I’m working on services that process tons of ASCII and/or US English Unicode data and have been going through the code base and putting in some easy wins for better performance, courtesy of the .NET 2.0 framework. Many developers have missed these tricks (although a couple of them I’ll discuss are even valid for the 1.x framework). The code fragments are in C#, but most of them port to VB.NET as-is.
First, here’s an easy trick that works pre-2.0: never pass a string of length 1 to IndexOf() or LastIndexOf(). Instead, pass a character:
Works, but slower: someString.IndexOf(“&”)
Faster and more self-evident as to intent: someString.IndexOf(‘&’)
For you VB’ers, that’s: someString.IndexOf(“&”C)
The exception, of course, is if the character you’re searching for is (or might be) a letter that requires culture-sensitive matching, such as a letter with an accent or ligature. But in most real-world cases I’ve encountered, that’s not true.
Which is a great lead-in to the rest of this post, which is that an awful lot of data scrubbing and parsing is against data that’s never going to need culture-sensitive matching or ordering. Even in data that has some culture-specific content, there are likely to be many columns that have none (for example, most product codes and other natural keys are pure alphanumeric).
When you don’t have to deal with cultural issues, you can make ordinal comparisons, which is straight character-by-character matching. This is significantly less expensive than culture-sensitive comparisons, which have to access lookup tables of characters that are considered matches.
Disclaimer: as with all speed optimization techniques, don’t go crazy. If you slow yourself down to think about every string comparison you make in your code to decide what comparison method to invoke, you’ll lose more than you’ll gain. I’m speaking here of routines that handle strictly simple ASCII data and make more than one or two comparisons.
Given the potential gains for ordinal comparisons, you should study and implement the CLR 2.0 recommendations for string comparisons. The short version, confining the discussion to the use of ordinal comparisons, is summarized below. Note that the last item is the most important to remember.
1) == makes ordinal comparisons.
2) String.Equals() makes ordinal comparisons by default.

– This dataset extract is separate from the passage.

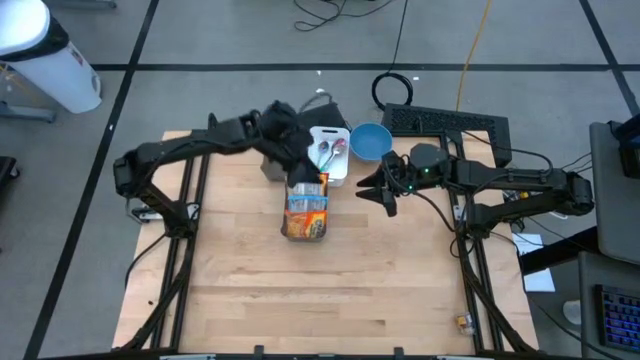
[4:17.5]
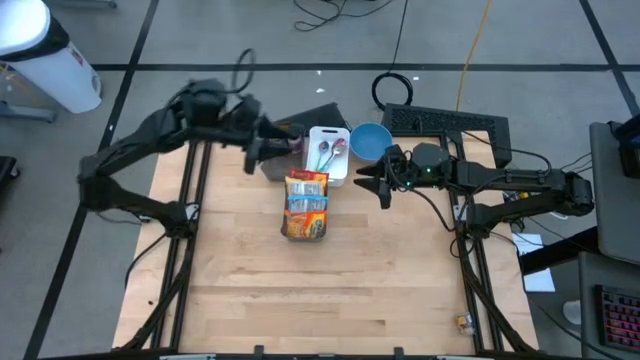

3) String.IndexOf(char) and String.LastIndexOf(char) default to ordinal.
4) String.CompareOrdinal() is of course, an ordinal compare (and was around prior to CLR 2.0).
5) ToUpper() and ToLower() default to the current culture and cannot be made to do ordinal comparisons.
6) All other string comparison methods default to culture-sensitive comparisons but can be overridden by passing StringComparison.Ordinal or StringComparison.OrdinalIgnoreCase.
In other words … IndexOf(string), LastIndexOf(string), StartsWith(), EndsWith(), Compare() and CompareTo() all need to be told if you want an ordinal comparison.
Works, but slower: someString.IndexOf(someSearchValue)
Faster: someString.IndexOf(someSearchValue,StringComparison.Ordinal)
Yes, it’s a lot more typing, but thank God for Intellisense.
Slightly less performant but still better than culture-sensitive comparisons is StringComparison.OrdinalIgnoreCase, which will ignore the case of letters. As a bonus, OrdinalIgnoreCase can often save you the extra step of forcing the string to be compared or searched to a known case that matches your comparison terms. In other words, it will generally save you calls to ToUpper() or ToLower().
Disclaimer: if there is a good chance that a method may need to at least optionally support culture-sensitive comparisons at some point in the foreseeable future, you will probably want to pass a StringComparison member to your routine just like the new String method overrides do, or use some other means to configure string comparisons.
A few other twists. Consider alternatives like the following that present an easier job to the runtime:
someString.StartsWith(“A”) vs someString[0] == ‘A’
someString.EndsWith(“Z”) vs SomeString[someString.Length – 1] == ‘Z’
You may or may not like the trade-off in readability. Personally I find someString[0] == someChar more readable than StartsWith, but I find the EndsWith() example a tougher call. Your mileage may vary, but again, you would only even think of these issues when you are in an expensive routine with lots of such calls, or a single such call in a loop.
What tricks do you use to speed up string comparisons?